What is expected: Print the listing below verbatim, passing over each picture.

Extracted information:
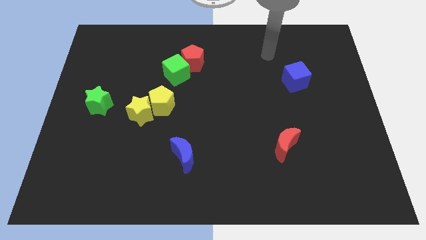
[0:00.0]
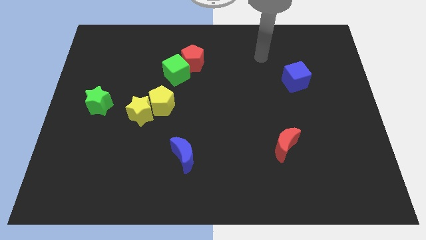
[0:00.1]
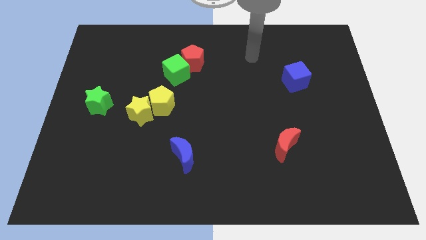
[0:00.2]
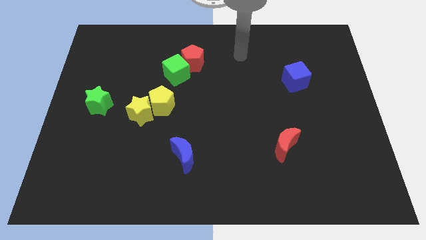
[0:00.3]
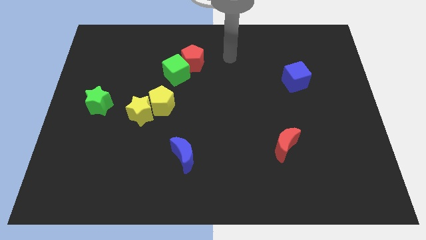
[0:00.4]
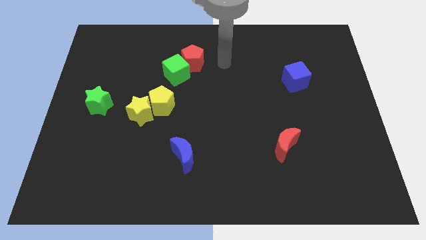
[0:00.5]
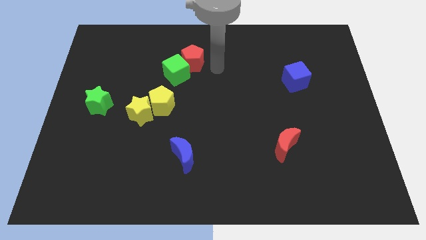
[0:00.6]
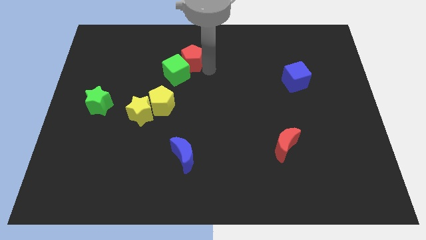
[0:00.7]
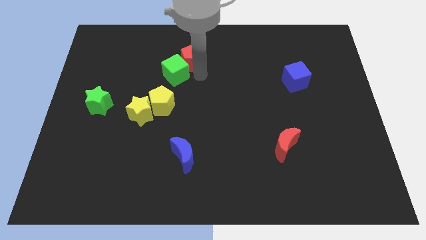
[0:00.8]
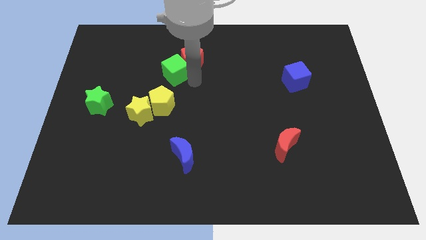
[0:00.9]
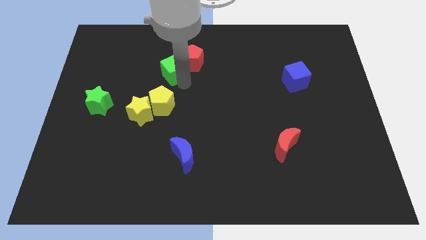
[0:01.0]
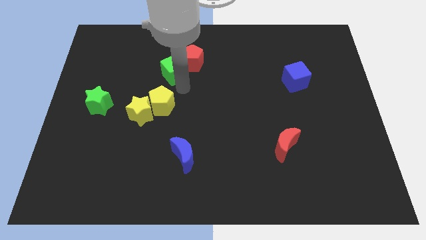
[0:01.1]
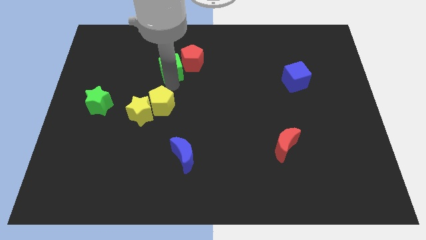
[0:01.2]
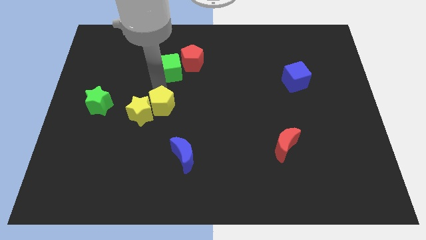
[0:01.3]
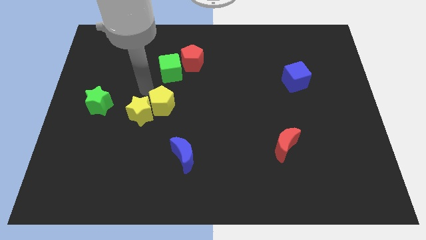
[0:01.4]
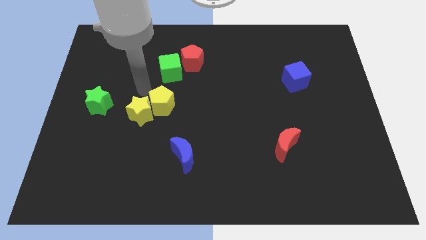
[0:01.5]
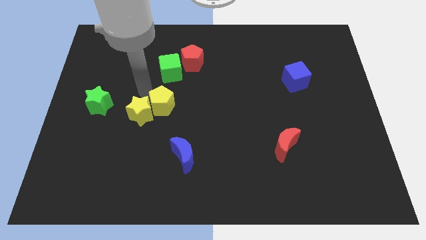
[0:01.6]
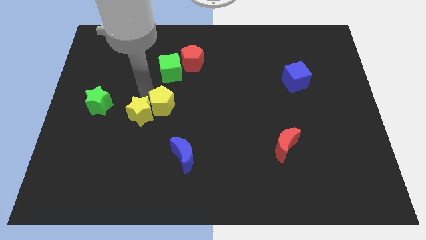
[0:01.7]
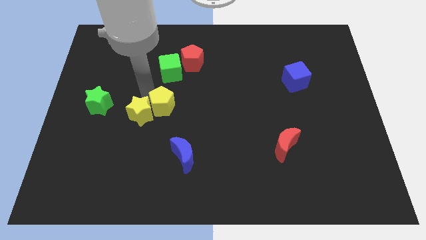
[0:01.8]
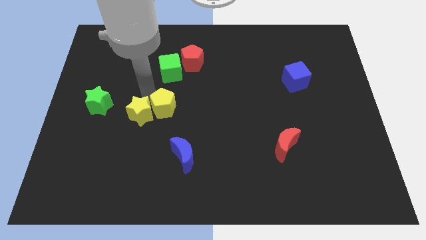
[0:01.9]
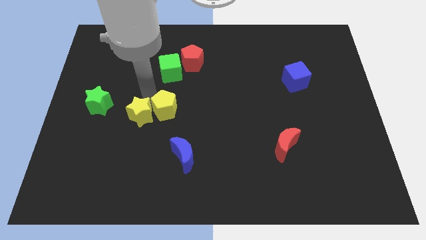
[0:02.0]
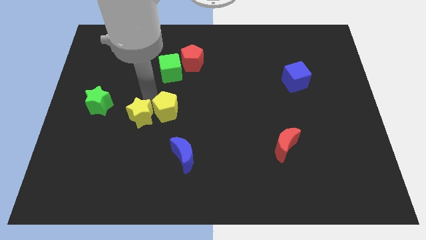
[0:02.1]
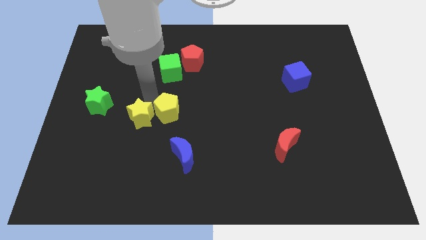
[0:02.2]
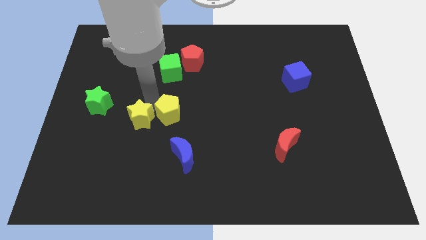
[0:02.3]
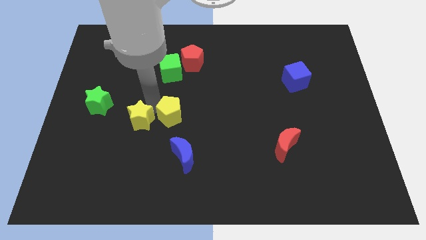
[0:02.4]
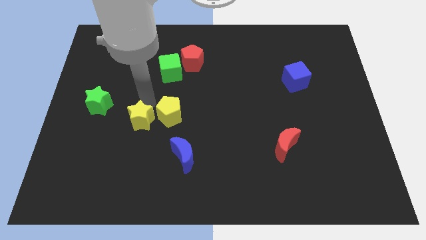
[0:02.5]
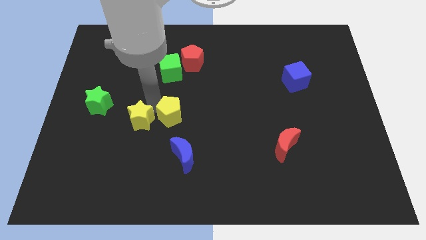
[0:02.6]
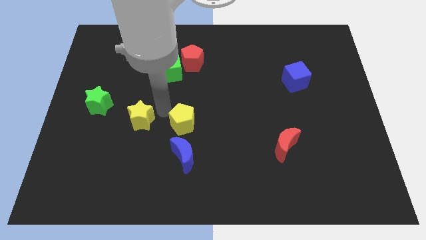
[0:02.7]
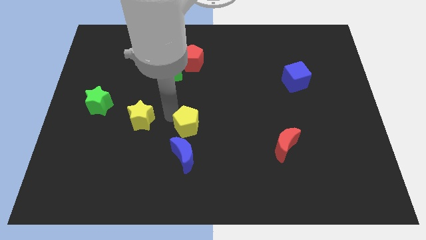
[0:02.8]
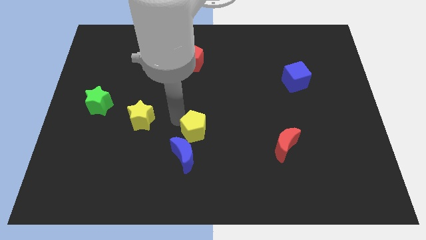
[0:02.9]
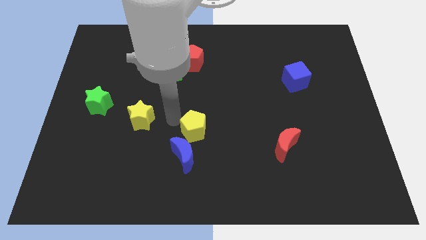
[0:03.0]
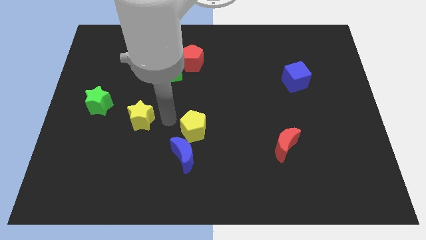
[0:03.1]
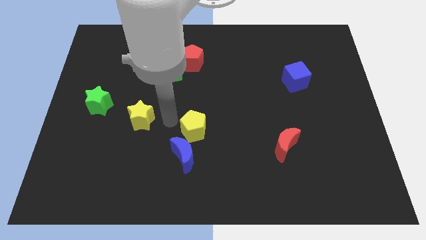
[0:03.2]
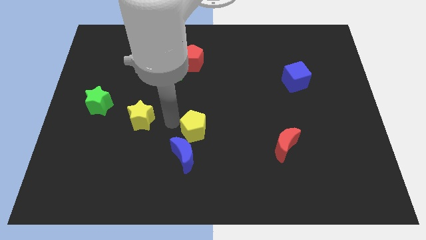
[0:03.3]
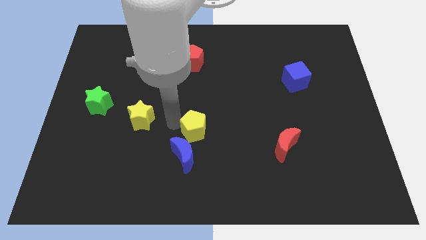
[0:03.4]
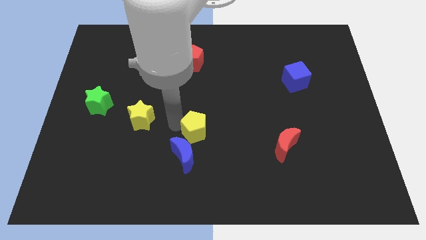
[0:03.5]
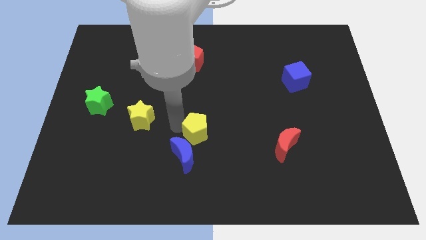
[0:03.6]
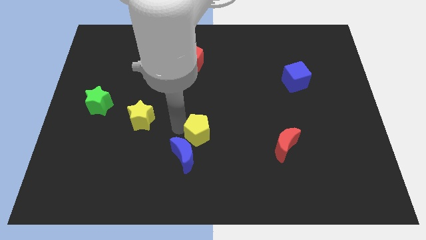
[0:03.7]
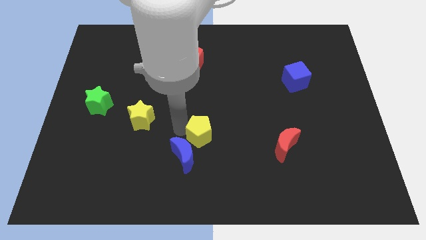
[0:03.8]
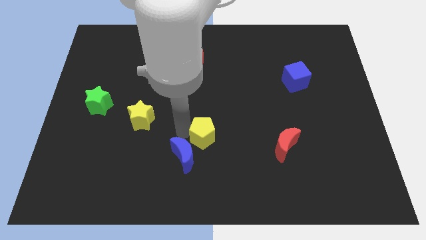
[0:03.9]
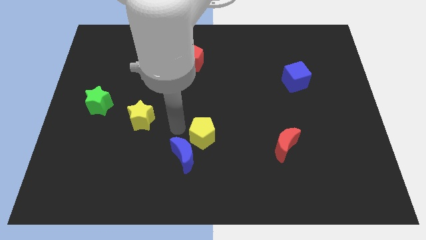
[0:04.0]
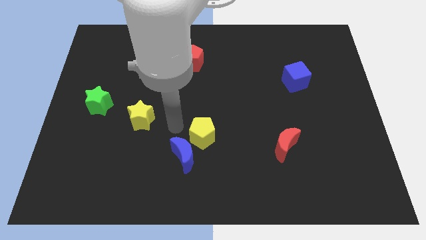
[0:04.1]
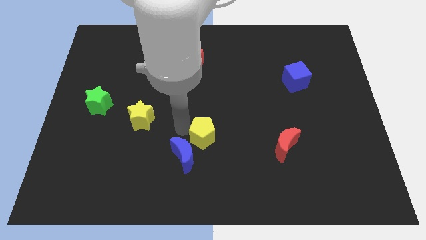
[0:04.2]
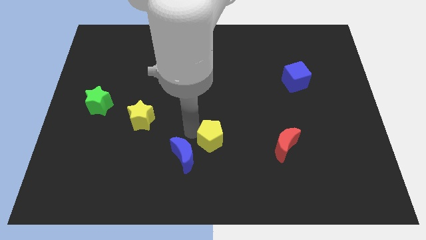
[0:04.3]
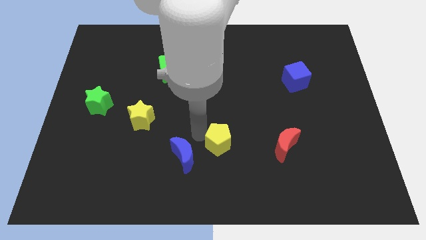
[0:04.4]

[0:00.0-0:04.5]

Exercise result:
[0:00.0]
[0:00.1]
[0:00.2]
[0:00.3]
[0:00.4]
[0:00.5]
[0:00.6]
[0:00.7]
[0:00.8]
[0:00.9]
[0:01.0]
[0:01.1]
[0:01.2]
[0:01.3]
[0:01.4]
[0:01.5]
[0:01.6]
[0:01.7]
[0:01.8]
[0:01.9]
[0:02.0]
[0:02.1]
[0:02.2]
[0:02.3]
[0:02.4]
[0:02.5]
[0:02.6]
[0:02.7]
[0:02.8]
[0:02.9]
[0:03.0]
[0:03.1]
[0:03.2]
[0:03.3]
[0:03.4]
[0:03.5]
[0:03.6]
[0:03.7]
[0:03.8]
[0:03.9]
[0:04.0]
[0:04.1]
[0:04.2]
[0:04.3]
[0:04.4]

[0:00.0-0:04.5]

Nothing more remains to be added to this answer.